We implement SAHP based on a fixed version of pytorch code Github:anhp-andtt/sahp and we factorize it into based model and inherited model.

SAHP basically shares very similar structure to that of THP.

Recurrent Marked Temporal Point Processes (RMTPP)

We implement RMTPP faithfully to the author’s paper.

Intensity Free Learning of Temporal Point Process (IntensityFree)

We implement the model based on the author’s torch code Github:ifl-tpp.

A small difference between our implementation and the author’s is we ignore the context_init (the initial state of the RNN) because in our data setup, we do not need a learnable initial RNN state. This modification generally makes little impact on the learning process.

It is worth noting that the thinning algorithm can not be applied to this model because it is intensity-free. When comparing the performance of the model, we only look at its log-likelihood learning curve.

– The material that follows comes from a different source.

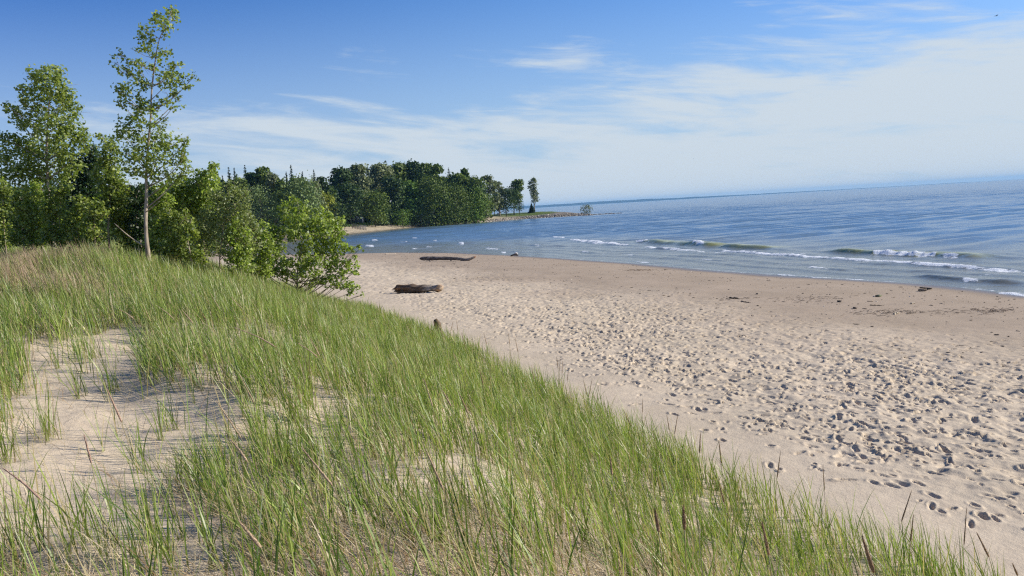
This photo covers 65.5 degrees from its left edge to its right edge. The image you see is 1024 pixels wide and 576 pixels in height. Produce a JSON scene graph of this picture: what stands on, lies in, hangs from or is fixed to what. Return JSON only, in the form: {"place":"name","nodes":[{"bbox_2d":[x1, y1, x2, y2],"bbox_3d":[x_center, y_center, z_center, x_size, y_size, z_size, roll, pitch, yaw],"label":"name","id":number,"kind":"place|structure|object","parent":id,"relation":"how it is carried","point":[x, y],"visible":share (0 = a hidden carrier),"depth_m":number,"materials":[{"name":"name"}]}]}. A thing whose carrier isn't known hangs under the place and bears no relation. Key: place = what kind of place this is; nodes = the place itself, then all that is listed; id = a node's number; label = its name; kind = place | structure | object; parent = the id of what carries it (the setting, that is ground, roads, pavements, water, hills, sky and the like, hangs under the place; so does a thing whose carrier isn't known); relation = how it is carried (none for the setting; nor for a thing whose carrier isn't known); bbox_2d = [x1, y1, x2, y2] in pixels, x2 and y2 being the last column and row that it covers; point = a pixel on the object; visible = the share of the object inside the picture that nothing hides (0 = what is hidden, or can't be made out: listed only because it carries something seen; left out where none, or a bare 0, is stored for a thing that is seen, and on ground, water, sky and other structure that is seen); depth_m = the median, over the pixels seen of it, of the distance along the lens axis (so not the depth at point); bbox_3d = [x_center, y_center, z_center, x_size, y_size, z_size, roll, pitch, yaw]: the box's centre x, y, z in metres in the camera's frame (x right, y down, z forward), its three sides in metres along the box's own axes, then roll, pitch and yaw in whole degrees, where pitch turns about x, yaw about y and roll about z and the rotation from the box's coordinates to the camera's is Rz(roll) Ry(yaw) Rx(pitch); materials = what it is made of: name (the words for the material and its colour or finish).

Fully Neural Network based Model for General Temporal Point Processes (FullyNN)

We implement the model based on the author’s keras code Github:NeuralNetworkPointProcess.

ODE-based Temporal Point Process (ODETPP)

We implement a TPP with Neural ODE state evolution, which is a simplified version of Neural Spatio-Temporal Point Processes. The ODE implementation uses the code from the blog

Attentive Neural Hawkes Network (ANHN)

We implement the model based on the author’s paper: the attentive model without the graph regularizer is named ANHN.